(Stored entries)
########
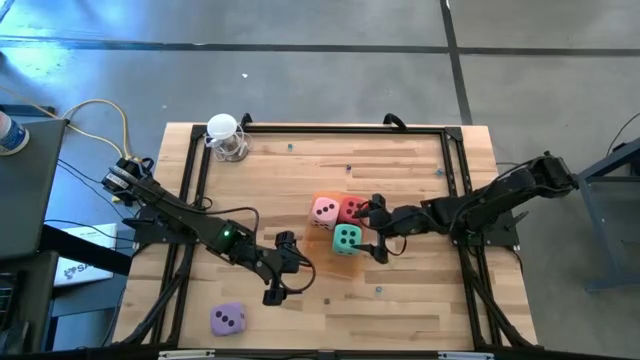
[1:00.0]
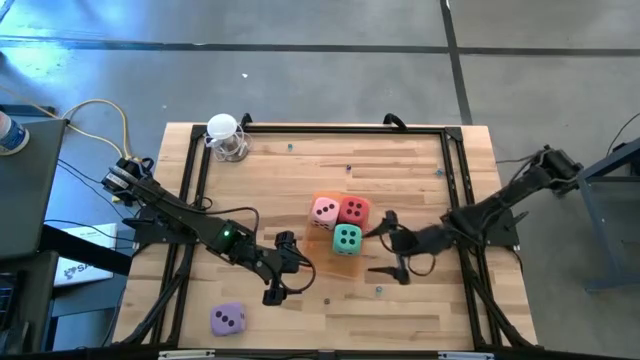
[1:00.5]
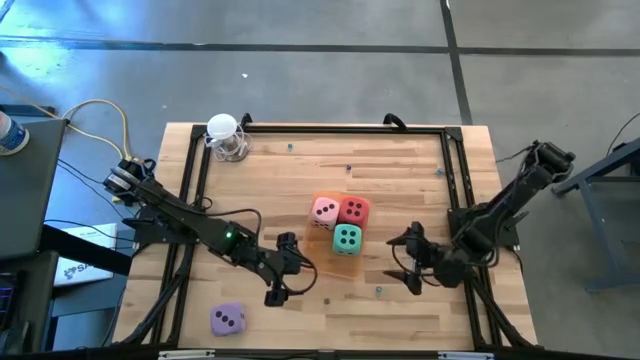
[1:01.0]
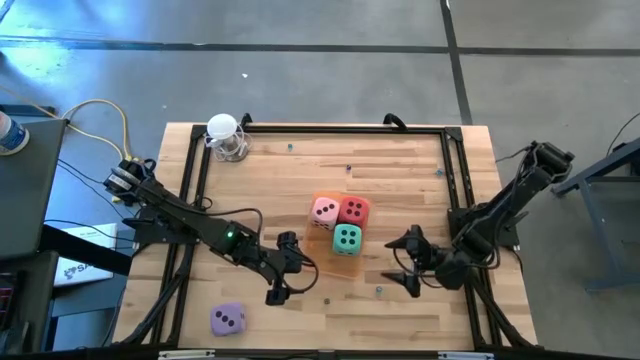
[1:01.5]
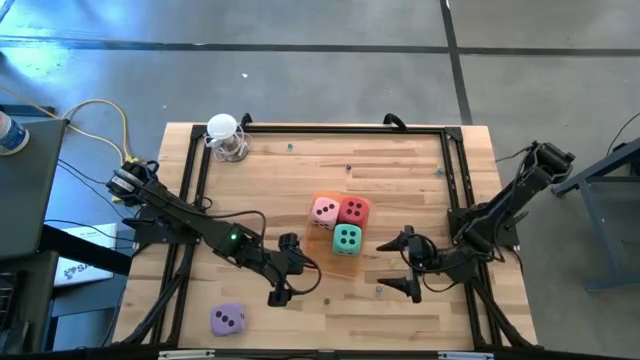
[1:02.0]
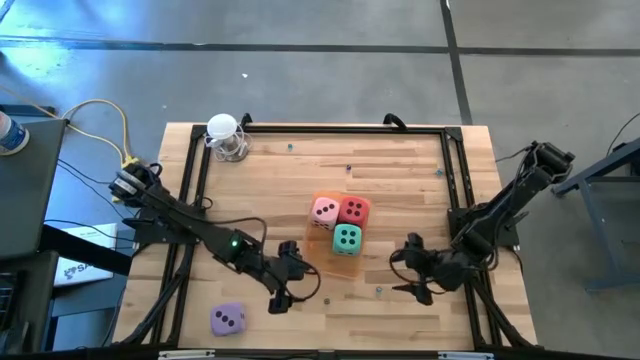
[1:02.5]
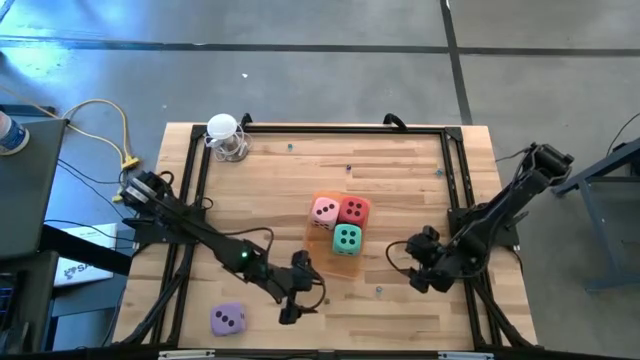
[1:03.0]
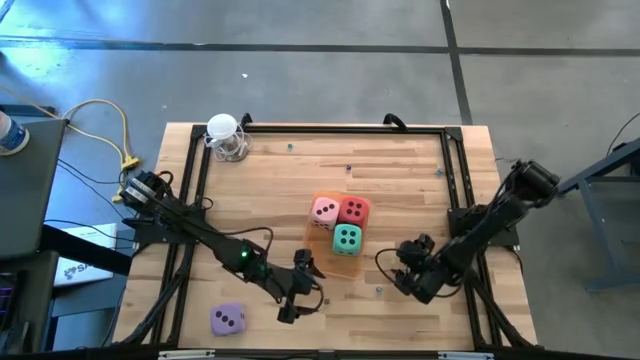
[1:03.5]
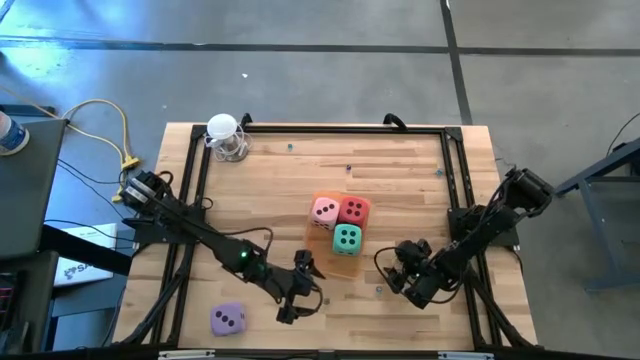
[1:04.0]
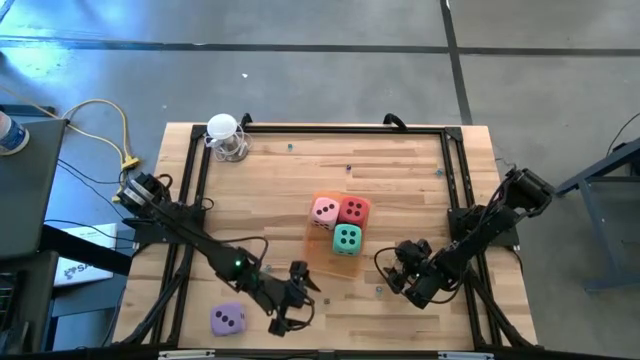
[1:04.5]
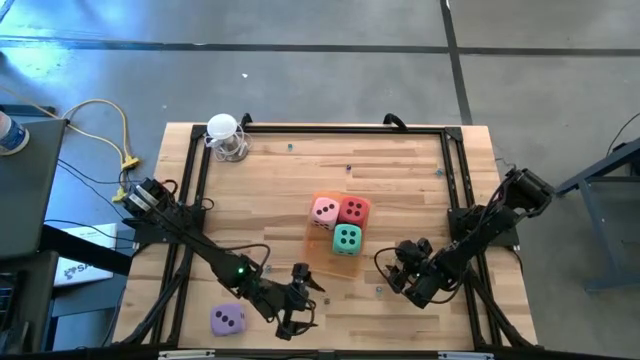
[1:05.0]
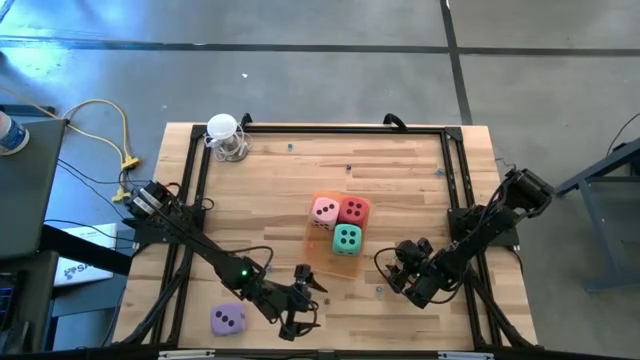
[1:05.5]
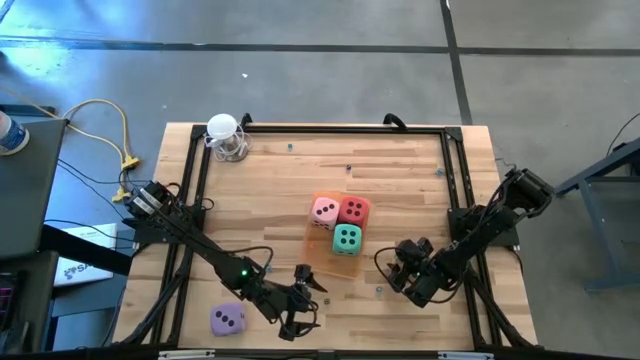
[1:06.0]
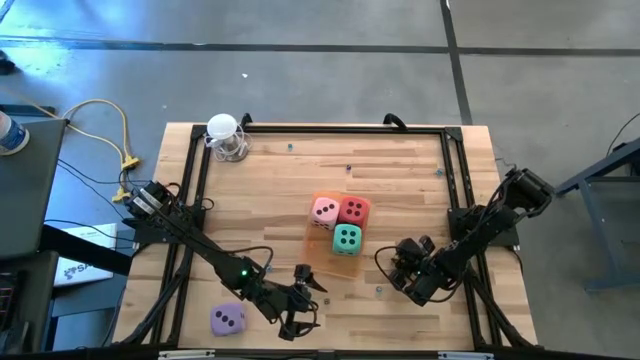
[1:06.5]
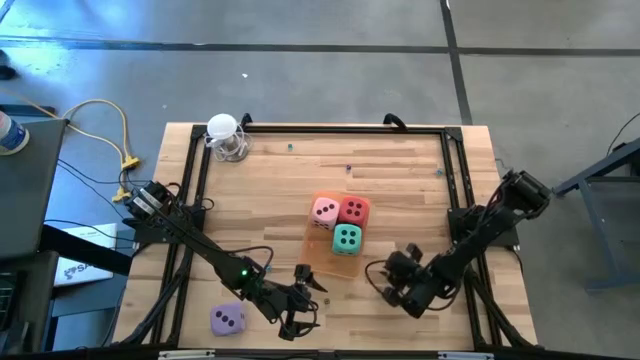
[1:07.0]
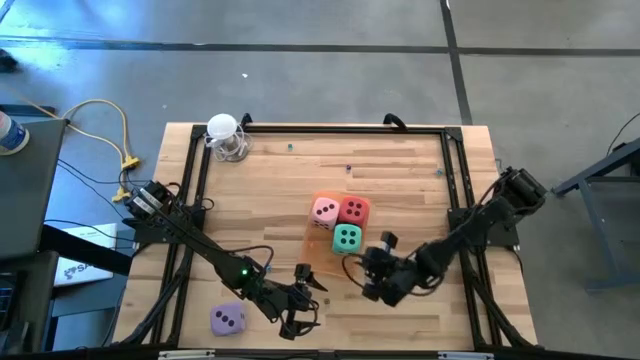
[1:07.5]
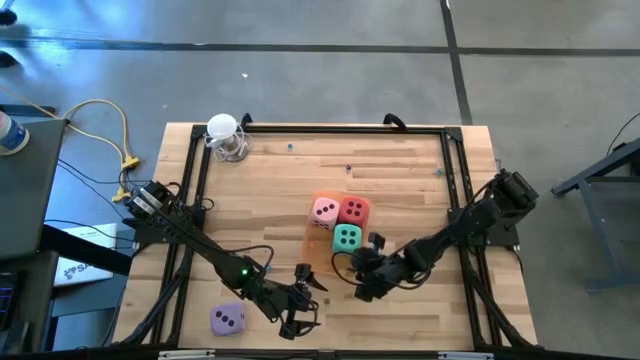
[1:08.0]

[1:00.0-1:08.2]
########
→ **Activity**
The output must match the records word for word, except that no pictures appear.

→ **Your solution**
[1:00.0]
[1:00.5]
[1:01.0]
[1:01.5]
[1:02.0]
[1:02.5]
[1:03.0]
[1:03.5]
[1:04.0]
[1:04.5]
[1:05.0]
[1:05.5]
[1:06.0]
[1:06.5]
[1:07.0]
[1:07.5]
[1:08.0]

[1:00.0-1:08.2]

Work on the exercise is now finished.